Agent-focused web standards (forward-looking)

Currently, more and more tech communities and organizations are exploring: if future web users are not just humans, but also automated agents, how should websites interact with them safely and compliantly?

This has prompted discussions about some emerging standards and mechanisms aimed at allowing websites to clearly indicate "I allow trusted agents to access" and provide a secure channel to complete interactions, rather than defaulting to treating agents as "bot attacks" as is common today.

  • "Agent Allowed" label: Just like robots.txt that search engines comply with, future webpages may add a label in the code to inform browser agents, "This can be accessed safely." For instance, if you book a flight using an agent, the website won't pop up a bunch of CAPTCHAs but will directly provide an authenticated interface.

  • API gateway for authenticated agents: Websites can open dedicated entrances for verified agents, like a "fast lane." Agents don’t need to simulate human clicks or input but can complete orders, payments, or data queries through a more stable API path.

  • W3C discussions: The World Wide Web Consortium (W3C) is studying how to create standardized channels for "managed automation." This means we may have a set of globally recognized rules in the future that allow trusted agents to be recognized and accepted by websites while maintaining security and accountability.

While these explorations are still in their early stages, once implemented, they could greatly improve the relationship between humans, agents, and websites.

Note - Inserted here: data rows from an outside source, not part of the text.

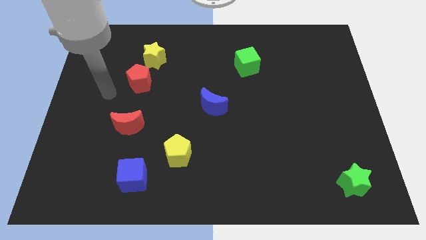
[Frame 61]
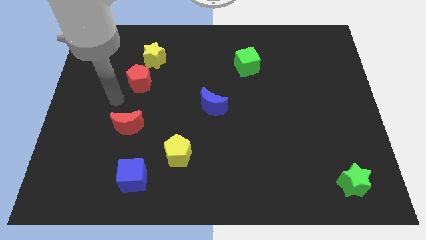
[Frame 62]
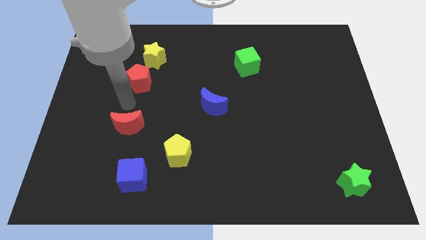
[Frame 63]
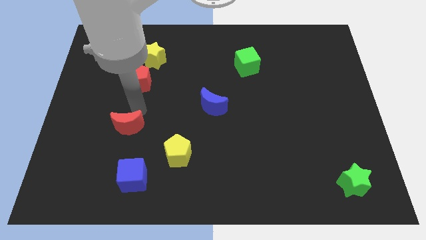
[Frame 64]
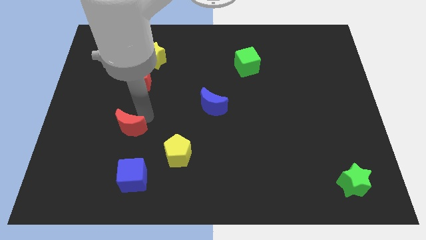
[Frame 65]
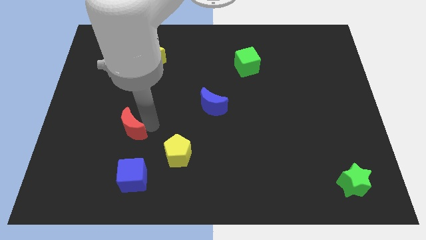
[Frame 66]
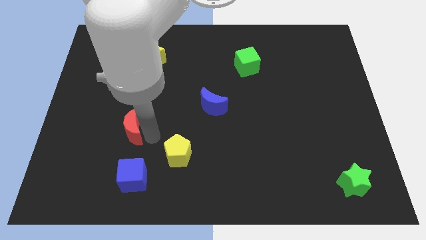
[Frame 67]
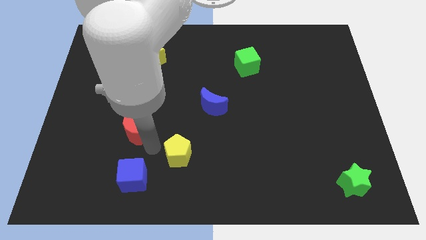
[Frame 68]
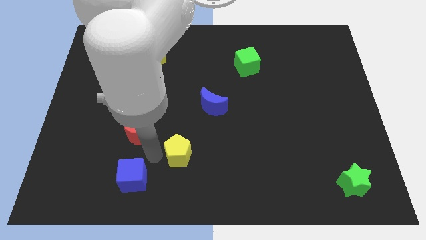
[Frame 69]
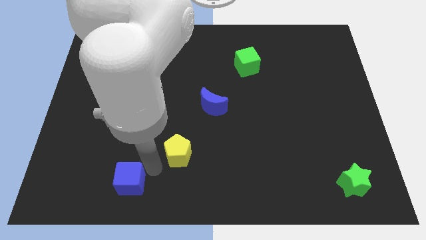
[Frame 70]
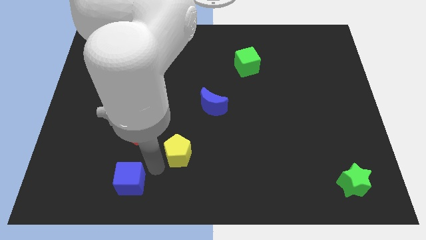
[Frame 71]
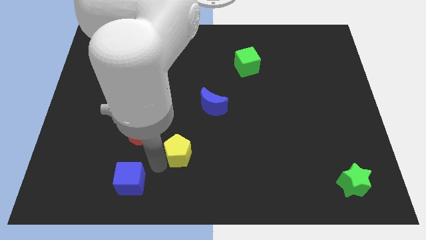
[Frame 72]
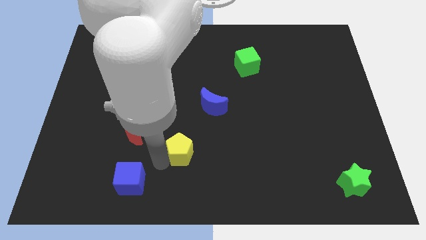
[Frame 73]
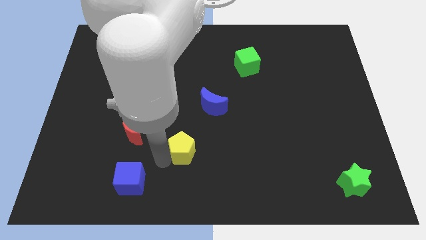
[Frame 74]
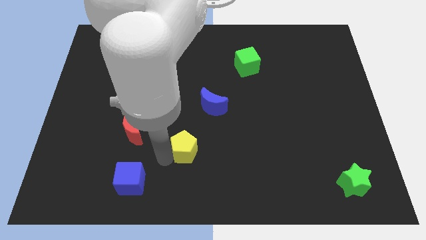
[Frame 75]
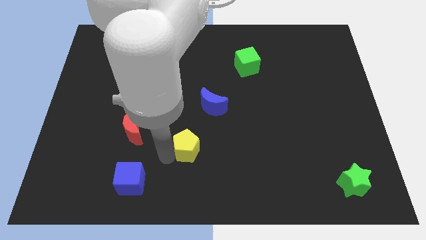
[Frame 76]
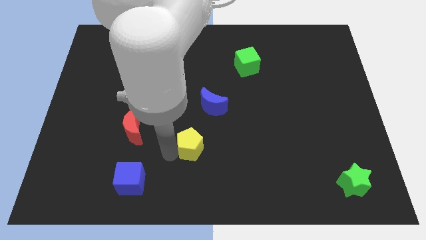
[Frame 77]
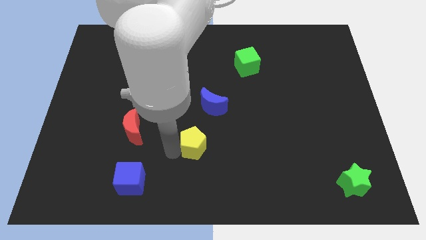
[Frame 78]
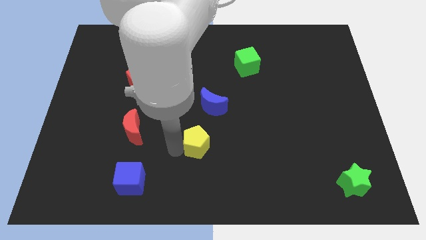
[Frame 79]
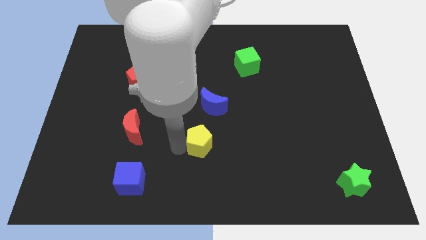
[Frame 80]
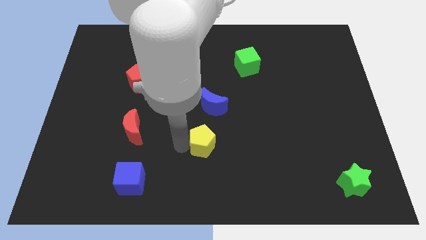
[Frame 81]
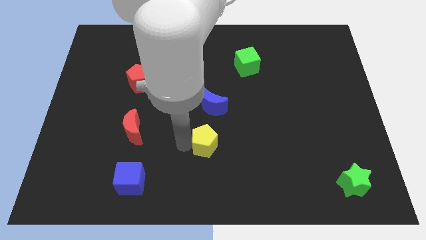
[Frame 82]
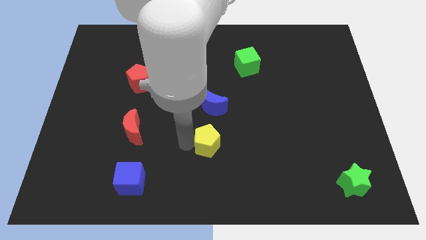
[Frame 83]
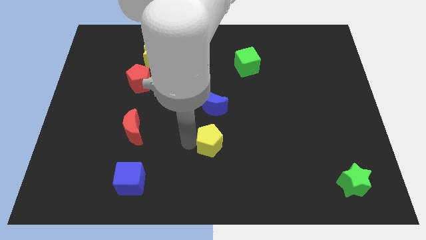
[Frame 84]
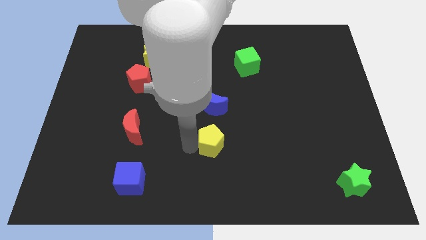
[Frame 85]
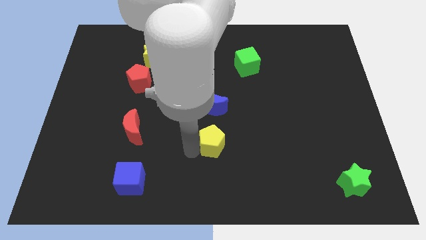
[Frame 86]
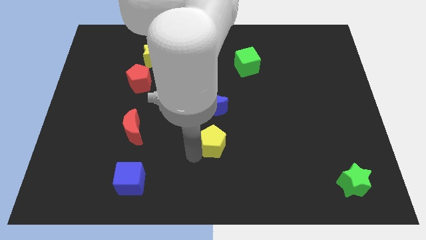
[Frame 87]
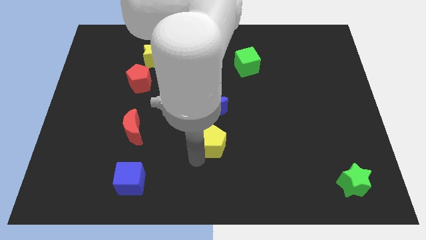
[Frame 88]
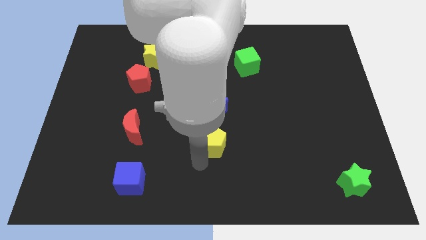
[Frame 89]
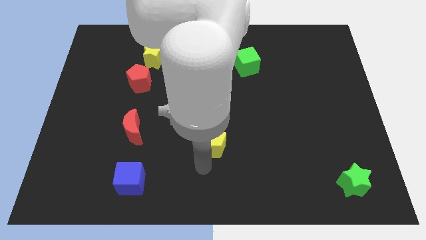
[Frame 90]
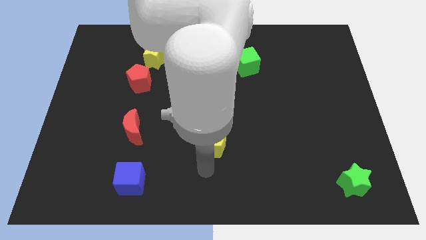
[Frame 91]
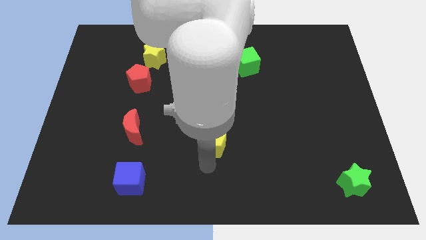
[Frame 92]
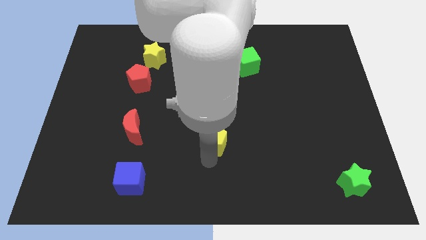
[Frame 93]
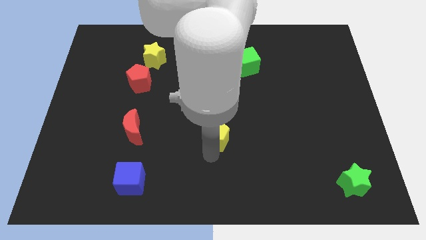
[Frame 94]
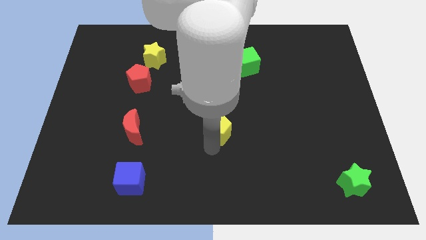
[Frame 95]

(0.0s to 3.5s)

Imagine: no longer needing agents to desperately imitate human mouse movements to "trick" risk controls, but rather completing tasks through a clearly defined "officially permitted" channel.

On this path, crypto-native infrastructure may take the lead. Because on-chain applications inherently rely on open APIs and smart contracts, they are friendly to automation. In contrast, traditional Web2 platforms may continue to be cautiously defensive, especially companies dependent on advertising or anti-fraud systems. However, as users and enterprises gradually embrace the efficiency gains from automation, these standardized attempts are likely to become key catalysts in pushing the entire internet towards an "agent-first architecture."

Conclusion

Browser agents are evolving from simple conversational tools to autonomous systems capable of completing complex online workflows. This transformation reflects a broader trend: embedding automation directly into the core interface of user-internet interactions. While the potential for productivity gains is enormous, the challenges are equally severe, including how to overcome deeply ingrained anti-bot mechanisms and ensure safety, trust, and responsible usage.

In the short term, improvements in agents' reasoning abilities, faster speeds, closer integration with existing services, and advancements in distributed networks may gradually enhance reliability. In the long term, we may see the gradual establishment of "agent-friendly" standards in scenarios where automation benefits both service providers and users. However, this transition will not be uniform: in automation-friendly environments like DeFi, adoption will be faster; whereas in Web2 platforms that heavily rely on user interaction, acceptance will be slower.

In the future, the competition among tech companies will increasingly focus on several aspects: how their agents navigate under real-world constraints, whether they can be safely integrated into critical workflows, and whether they can reliably deliver results across diverse online environments. Whether all of this ultimately reshapes the "browser war" will depend not merely on technical prowess but on establishing trust, aligning incentives, and demonstrating tangible value in everyday use.